La settimana dei mercato azionari parte bene in Asia

Si parte come sempre dall’Asia. Tokyo è rimasta chiusa per festività. Hong Kong ha chiuso la seduta con un guadagno dello 0,77%, mentre lo Shanghai Composite è in rialzo dello 0,30%, Shenzhen +0,47% come Mumbai. In calo dello 0,95% la borsa di Seul.

Sul fronte europeo, dopo un’apertura positiva, è virata verso il negativo Piazza Affari, in perdita dello 0,15%.  Francoforte cede lo 0,22%, Parigi lo 0,34%, Londra lo 0,07% e Amsterdam lo 0,6%.

Occhi puntati sull’Inflazione USA 

Questa settimana gli occhi sono puntati sui dati in arrivo mercoledì sull’inflazione negli Stati Uniti. Quando il dato sarà reso noto si attendono effetti sia sui titoli del Tesoro sia quelle che saranno le prossime mosse della Fed. Gli analisti prevedono che il rialzo dei tassi di interesse potrebbe iniziare già a marzo. 

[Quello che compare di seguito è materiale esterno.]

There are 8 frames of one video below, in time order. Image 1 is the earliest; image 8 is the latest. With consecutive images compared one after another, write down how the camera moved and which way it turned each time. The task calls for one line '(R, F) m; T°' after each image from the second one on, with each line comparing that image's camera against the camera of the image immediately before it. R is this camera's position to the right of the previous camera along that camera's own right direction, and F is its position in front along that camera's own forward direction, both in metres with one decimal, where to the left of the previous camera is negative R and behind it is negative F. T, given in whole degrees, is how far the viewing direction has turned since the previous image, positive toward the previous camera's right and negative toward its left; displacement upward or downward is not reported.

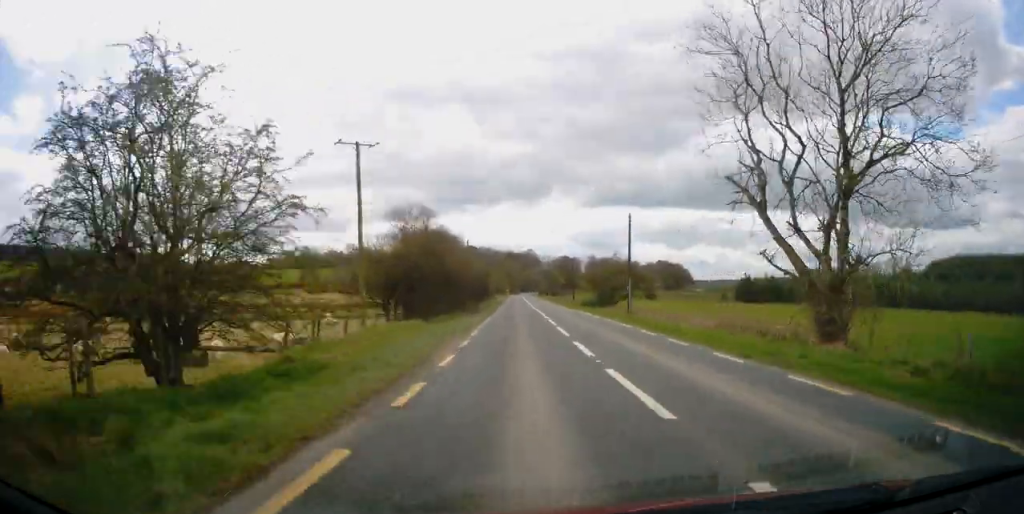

Intanto il mondo fa i conti con la variante Omicron. Secondo Goldman Sachs può stare quasi tranquilla l’Europa, dove la nuova versione del Covid1-9 dovrebbe portare ad una crescita debole e non ad una nuova recessione. In questo scenario l’Eurozona è destinata a crescere più degli Stati Uniti con un Pil che nel 2022 dovrebbe essere del +4,4% in Europa rispetto al 3,5% degli Stati Uniti. 

Goldman Sachs ritiene inoltre che nel Vecchio Continente l’inflazione abbia già toccato il suo picco a dicembre, al 2,6% e ora ha avviato un percorso in discesa.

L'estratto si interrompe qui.